🤖 AI Summary
This work addresses the performance limitations of existing monocular 3D object detection methods in wild scenes, primarily caused by the scarcity of high-quality 3D annotations. To overcome this, the authors propose a 3D scene reconstruction approach based on an analysis-by-synthesis framework, which leverages foundation models to drive an automated annotation pipeline. This pipeline efficiently generates open-vocabulary, large-scale 3D bounding box annotations from single 2D images and constructs the COCO3D benchmark dataset based on MS-COCO. By eliminating reliance on manual labeling or constrained environments, the method breaks through traditional bottlenecks in 3D annotation. The resulting pseudo-labels significantly improve performance across multiple monocular 3D detection benchmarks and surpass existing automatic annotation techniques in quality, demonstrating strong scalability and effectiveness for open-world 3D recognition.
📝 Abstract
Detecting objects in 3D space from monocular input is crucial for applications ranging from robotics to scene understanding. Despite advanced performance in the indoor and autonomous driving domains, existing monocular 3D detection models struggle with in-the-wild images due to the lack of 3D in-the-wild datasets and the challenges of 3D annotation. We introduce LabelAny3D, an \emph{analysis-by-synthesis} framework that reconstructs holistic 3D scenes from 2D images to efficiently produce high-quality 3D bounding box annotations.
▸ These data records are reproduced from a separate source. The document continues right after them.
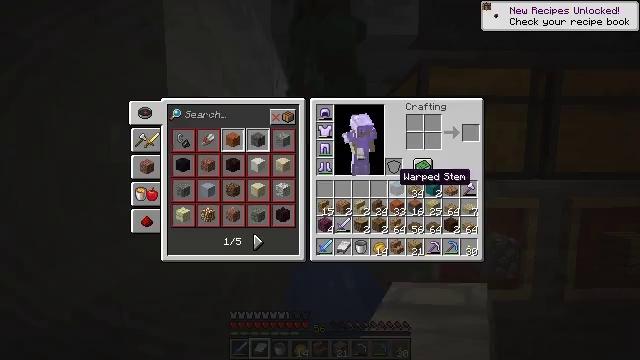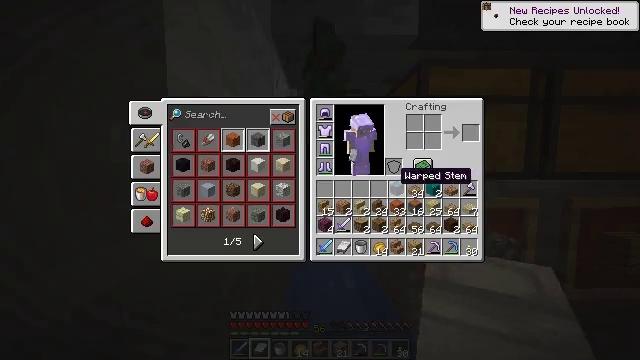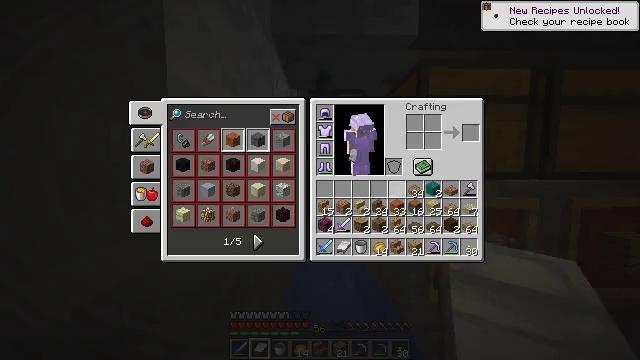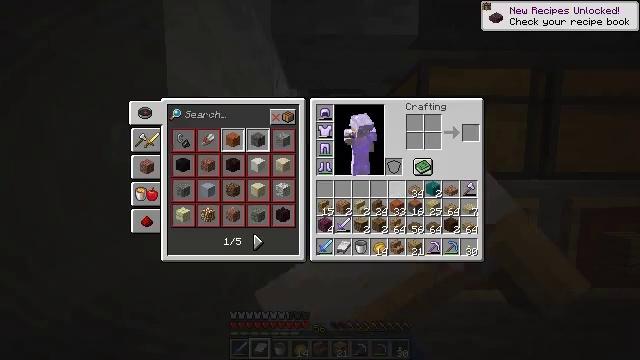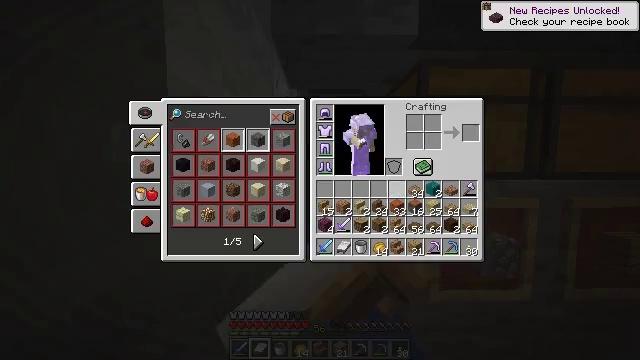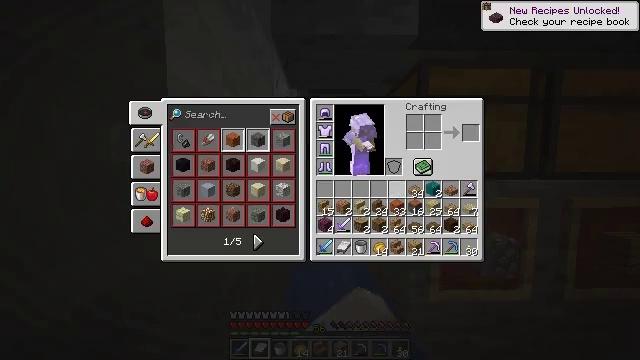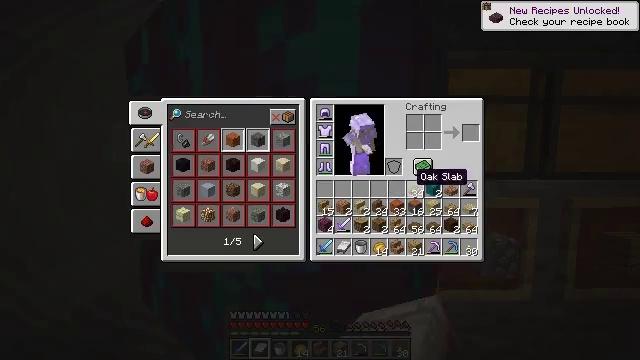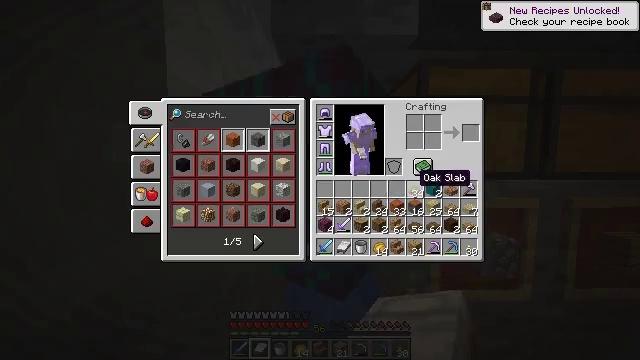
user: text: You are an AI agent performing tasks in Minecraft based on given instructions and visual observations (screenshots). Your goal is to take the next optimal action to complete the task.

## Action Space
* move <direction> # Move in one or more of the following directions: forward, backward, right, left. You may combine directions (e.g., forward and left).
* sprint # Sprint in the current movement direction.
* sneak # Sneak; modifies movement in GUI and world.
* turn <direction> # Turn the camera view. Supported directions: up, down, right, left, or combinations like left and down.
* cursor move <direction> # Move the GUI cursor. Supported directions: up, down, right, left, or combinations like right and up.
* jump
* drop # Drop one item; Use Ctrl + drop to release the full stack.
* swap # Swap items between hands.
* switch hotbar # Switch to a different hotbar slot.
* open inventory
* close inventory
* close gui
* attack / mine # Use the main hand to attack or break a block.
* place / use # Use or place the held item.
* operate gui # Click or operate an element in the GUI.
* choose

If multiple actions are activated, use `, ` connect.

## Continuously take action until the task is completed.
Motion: motion action
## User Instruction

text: Remove a warped stem from the inventory.
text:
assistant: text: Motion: sprint, open gui
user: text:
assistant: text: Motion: sprint, drop
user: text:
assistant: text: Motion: sprint, drop
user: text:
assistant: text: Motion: sprint
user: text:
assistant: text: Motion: sprint
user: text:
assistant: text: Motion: sprint
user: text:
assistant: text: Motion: sprint
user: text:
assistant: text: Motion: sprint, drop
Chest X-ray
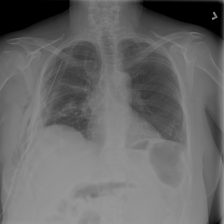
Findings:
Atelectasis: negative
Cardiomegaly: negative
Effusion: negative
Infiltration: negative
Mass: negative
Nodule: negative
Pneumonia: negative
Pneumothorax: negative
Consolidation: negative
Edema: negative
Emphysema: negative
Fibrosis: negative
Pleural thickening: negative
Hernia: negative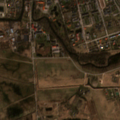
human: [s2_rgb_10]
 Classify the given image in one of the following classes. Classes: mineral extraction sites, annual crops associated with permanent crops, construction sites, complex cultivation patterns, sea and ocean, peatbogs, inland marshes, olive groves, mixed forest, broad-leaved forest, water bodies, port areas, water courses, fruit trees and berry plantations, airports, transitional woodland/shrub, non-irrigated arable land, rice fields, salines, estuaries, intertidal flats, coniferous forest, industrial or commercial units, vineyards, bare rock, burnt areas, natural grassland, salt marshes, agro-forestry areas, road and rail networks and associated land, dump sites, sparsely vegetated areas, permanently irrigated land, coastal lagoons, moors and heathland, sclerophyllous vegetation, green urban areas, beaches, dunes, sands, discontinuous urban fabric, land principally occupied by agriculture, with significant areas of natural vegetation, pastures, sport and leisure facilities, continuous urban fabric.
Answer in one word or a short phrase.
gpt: discontinuous urban fabric, green urban areas, pastures, complex cultivation patterns
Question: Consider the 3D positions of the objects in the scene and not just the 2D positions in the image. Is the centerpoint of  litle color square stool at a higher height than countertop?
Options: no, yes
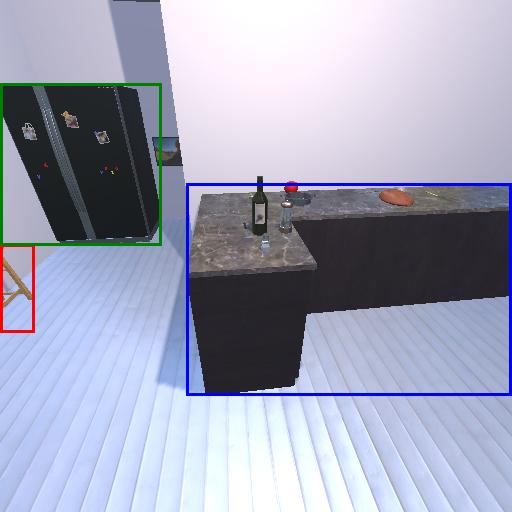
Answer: no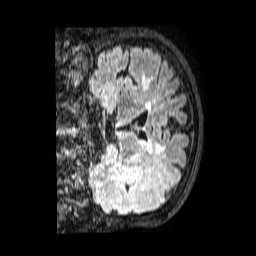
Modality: FLAIR
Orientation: coronal
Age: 62
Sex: female
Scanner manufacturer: philips
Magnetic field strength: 1.5 T
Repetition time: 4.8 s
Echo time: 0.3 s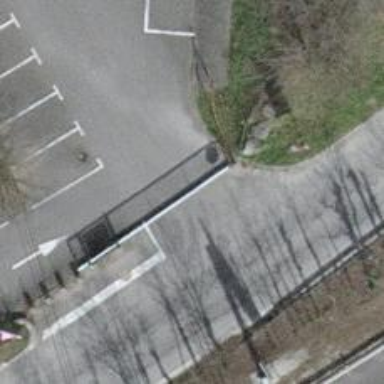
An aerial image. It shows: Sliding gate as barrier.
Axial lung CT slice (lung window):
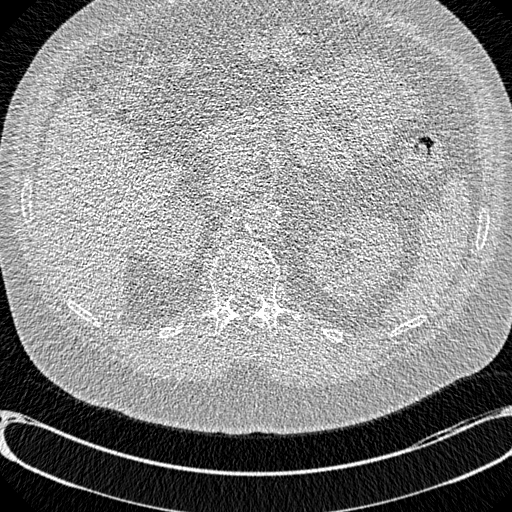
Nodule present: no
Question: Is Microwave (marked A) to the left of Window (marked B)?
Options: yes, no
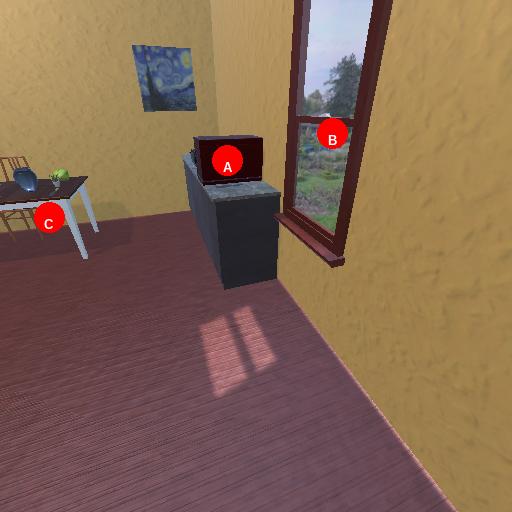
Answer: yes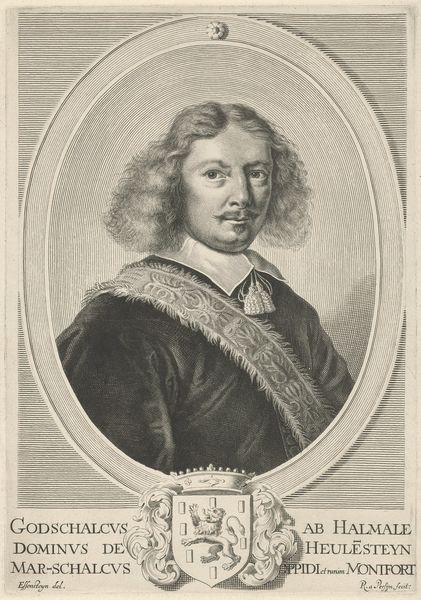
Titel: Portret van Godschalck van Halmale
Künstler: Reinier van Persijn
Standort: Amsterdam
Institution: Rijksmuseum
Schlagwörter: hair, nose, eyes, coat, mouth, person, crow, corw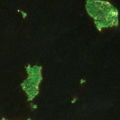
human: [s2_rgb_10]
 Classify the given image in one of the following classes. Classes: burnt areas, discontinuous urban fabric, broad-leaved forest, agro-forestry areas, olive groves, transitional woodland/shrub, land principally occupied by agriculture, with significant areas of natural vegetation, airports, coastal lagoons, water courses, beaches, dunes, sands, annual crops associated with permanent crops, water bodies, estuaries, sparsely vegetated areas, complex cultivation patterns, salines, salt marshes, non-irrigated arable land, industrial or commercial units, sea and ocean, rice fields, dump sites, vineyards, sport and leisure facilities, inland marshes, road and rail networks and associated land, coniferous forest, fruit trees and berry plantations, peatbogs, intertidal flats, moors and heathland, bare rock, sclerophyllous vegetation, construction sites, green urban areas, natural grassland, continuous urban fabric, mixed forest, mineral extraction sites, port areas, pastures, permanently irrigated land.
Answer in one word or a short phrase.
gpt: water bodies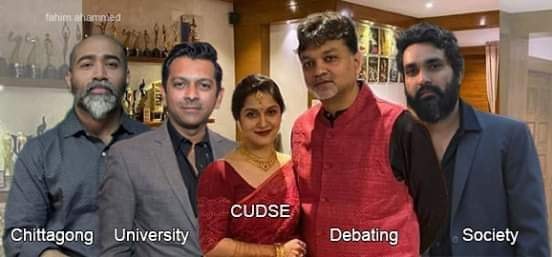
Caption: Chittagong University   CUDSE   Debating  Society
Label: hate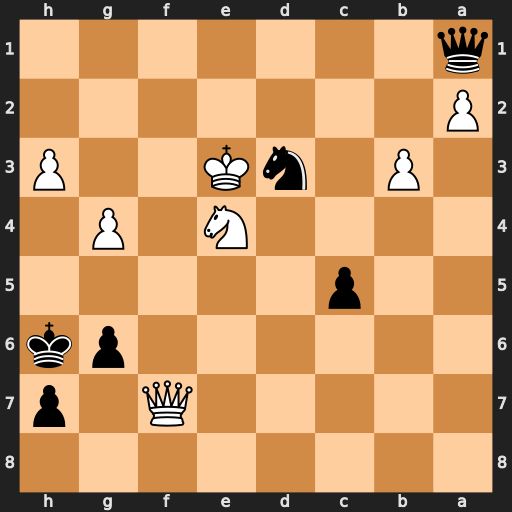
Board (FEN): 8/5Q1p/6pk/2p5/4N1P1/1P1nK2P/P7/q7
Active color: b
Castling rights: -
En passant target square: -
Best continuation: Qd4+ Ke2 Qxe4+
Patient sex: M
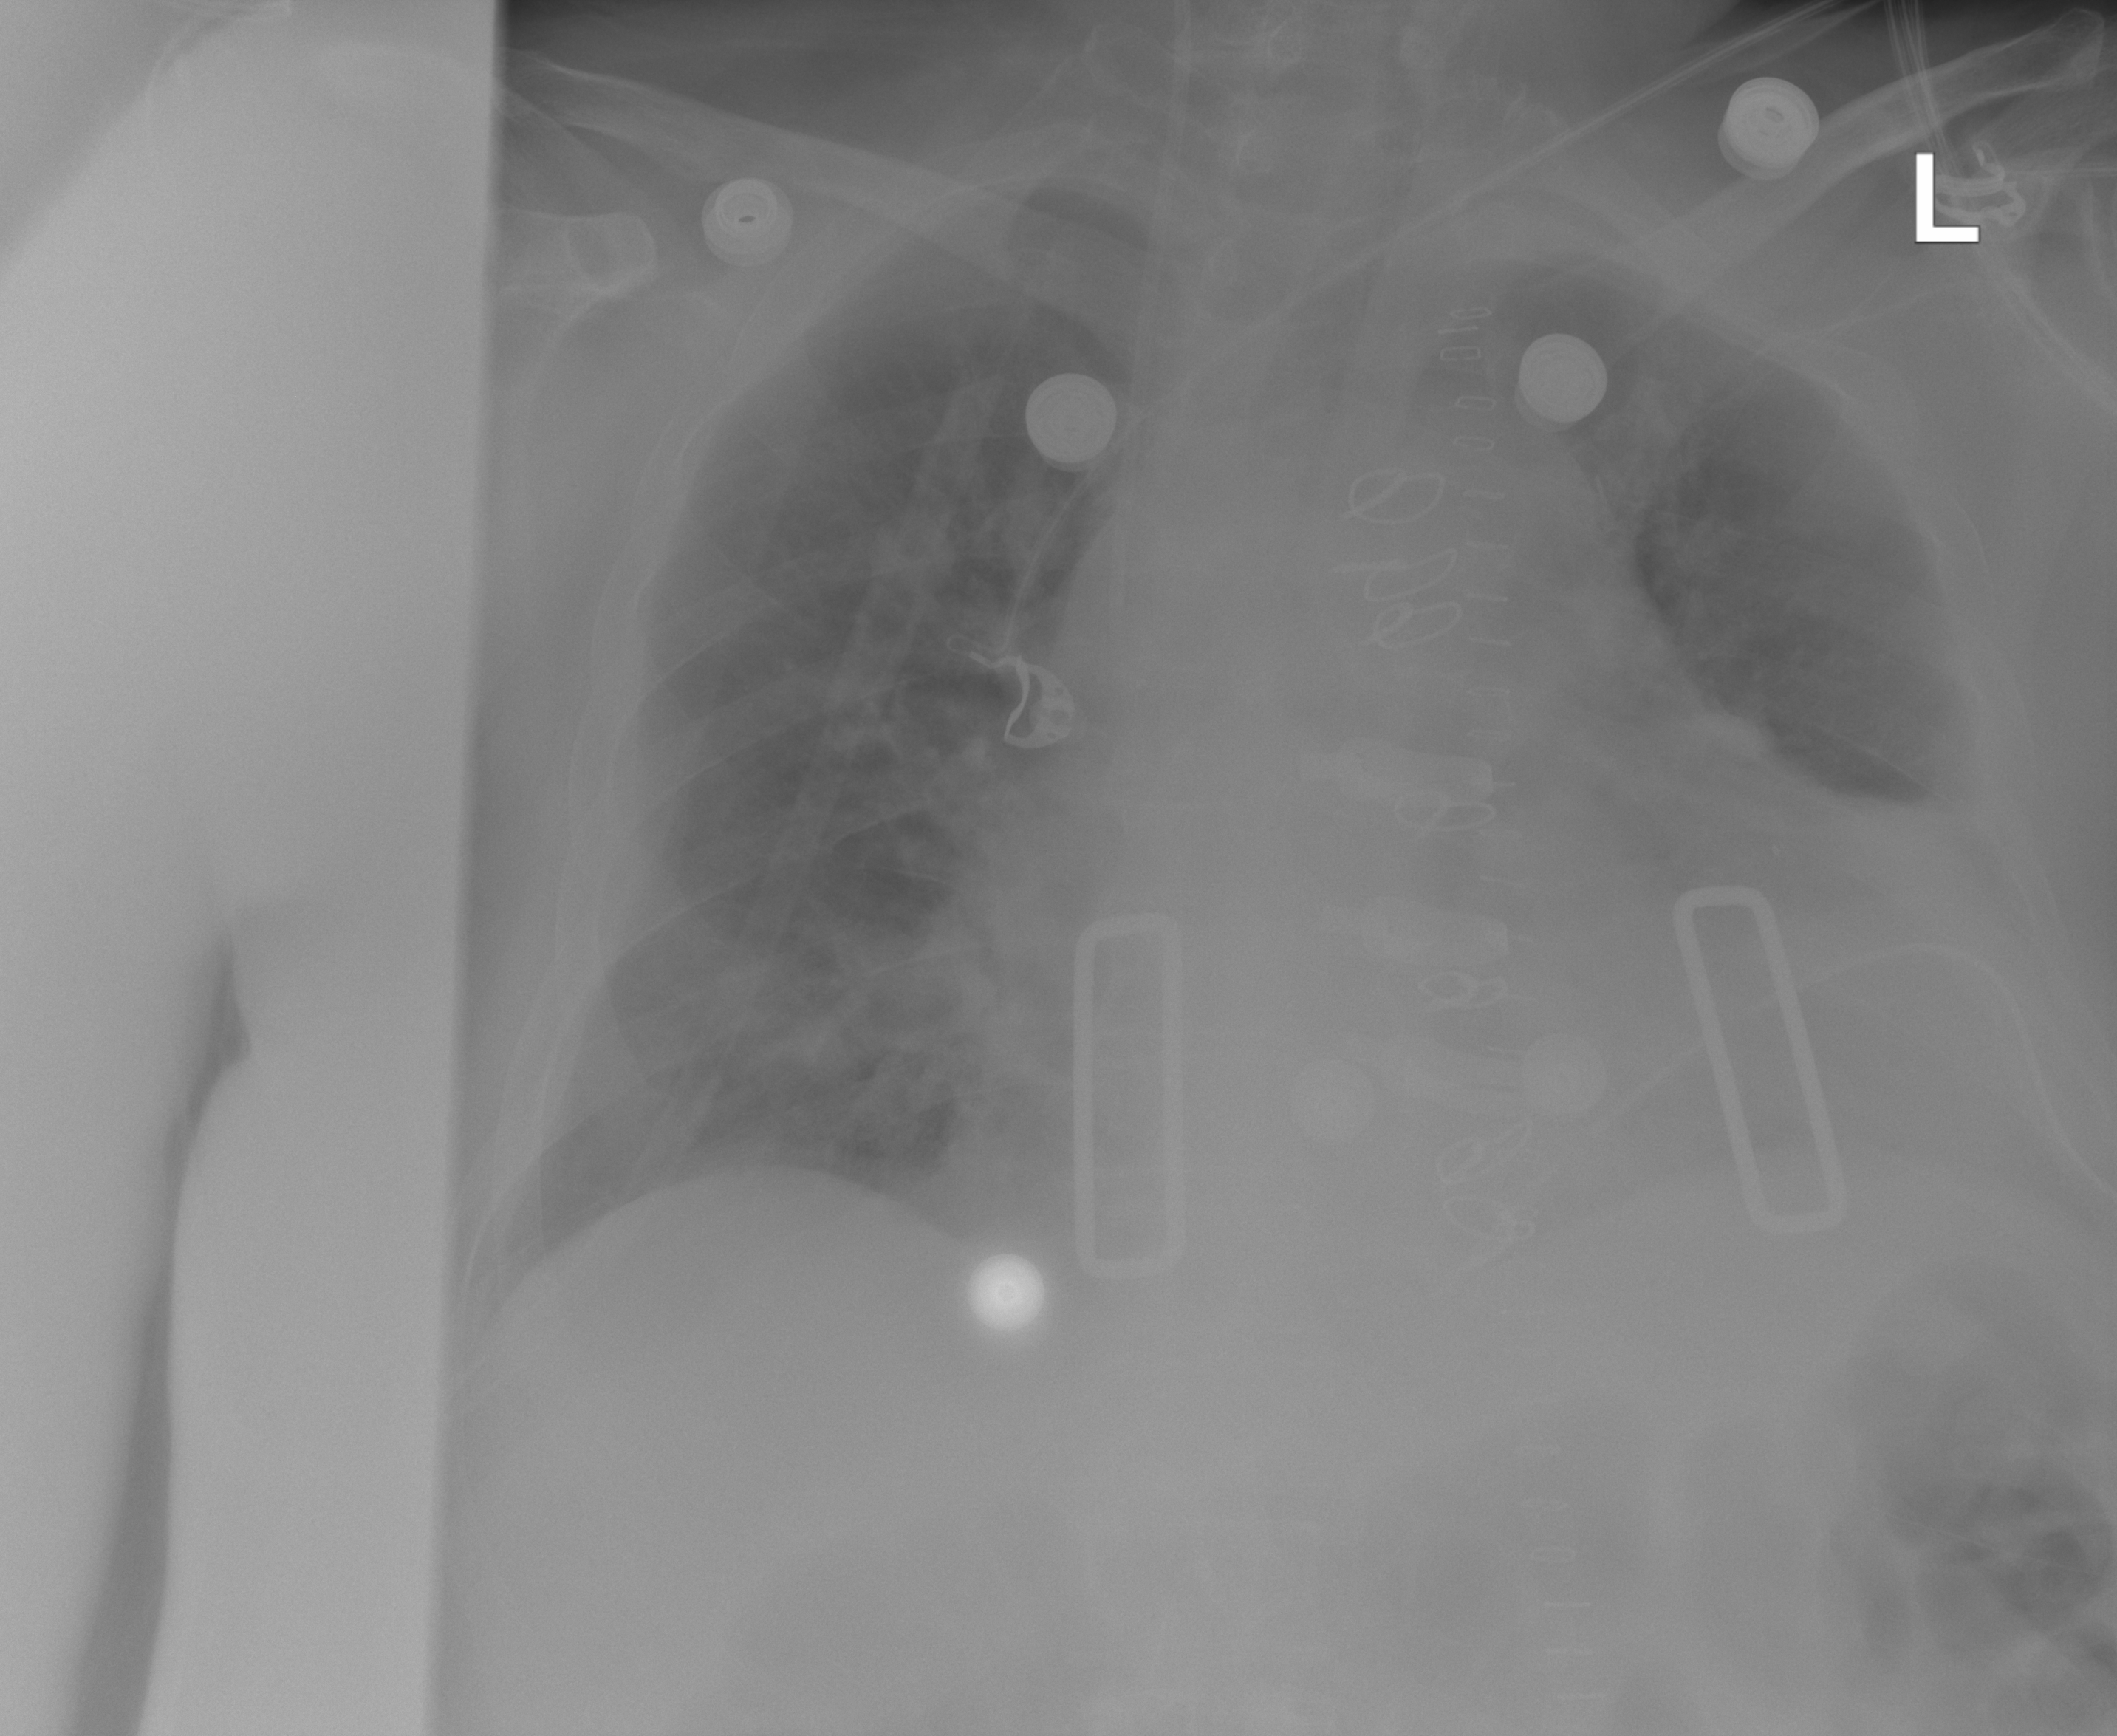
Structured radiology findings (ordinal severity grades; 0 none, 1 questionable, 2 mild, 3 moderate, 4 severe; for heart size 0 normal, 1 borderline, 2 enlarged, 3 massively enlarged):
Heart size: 2
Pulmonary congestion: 0
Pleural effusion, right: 0
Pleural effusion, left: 2
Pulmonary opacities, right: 0
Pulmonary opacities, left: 1
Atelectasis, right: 0
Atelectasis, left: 2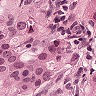
Metastatic tissue present: yes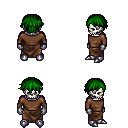
a pixel art fantasy rpg character, male body template, skeleton, brown long-sleeve shirt, robe skirt, green short bangs hairstyle, metal gloves, metal boots, four views (front, back, left, right), 2x2 character sprite sheet, small pixel art, hard edges, no anti-aliasing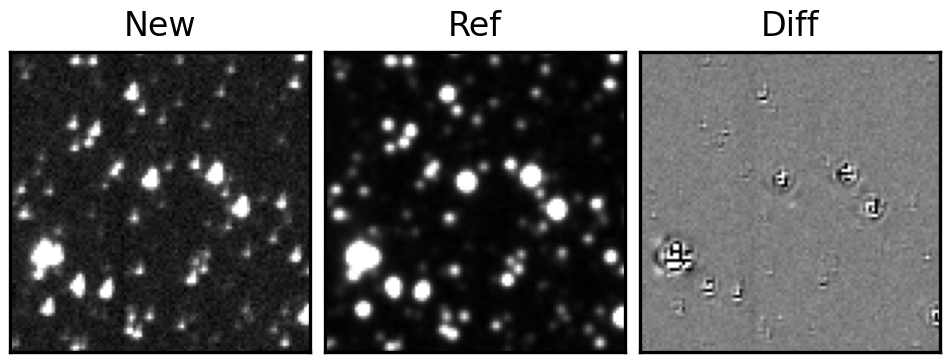
Label: real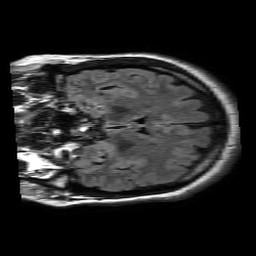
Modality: FLAIR
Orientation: coronal
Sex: female
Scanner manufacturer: philips
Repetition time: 11 s
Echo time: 0.125 s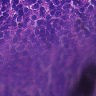
Metastatic tissue present: no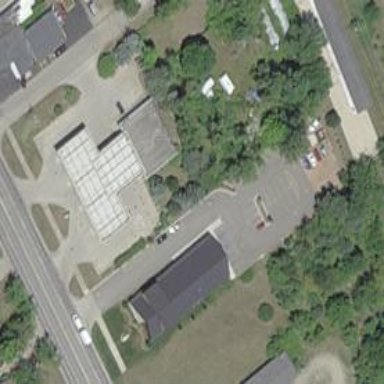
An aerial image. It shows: Convenience shop.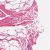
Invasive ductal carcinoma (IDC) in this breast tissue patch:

Built on this pipeline, we present COCO3D, a new benchmark for open-vocabulary monocular 3D detection, derived from the MS-COCO dataset and covering a wide range of object categories absent from existing 3D datasets. Experiments show that annotations generated by LabelAny3D improve monocular 3D detection performance across multiple benchmarks, outperforming prior auto-labeling approaches in quality. These results demonstrate the promise of foundation-model-driven annotation for scaling up 3D recognition in realistic, open-world settings.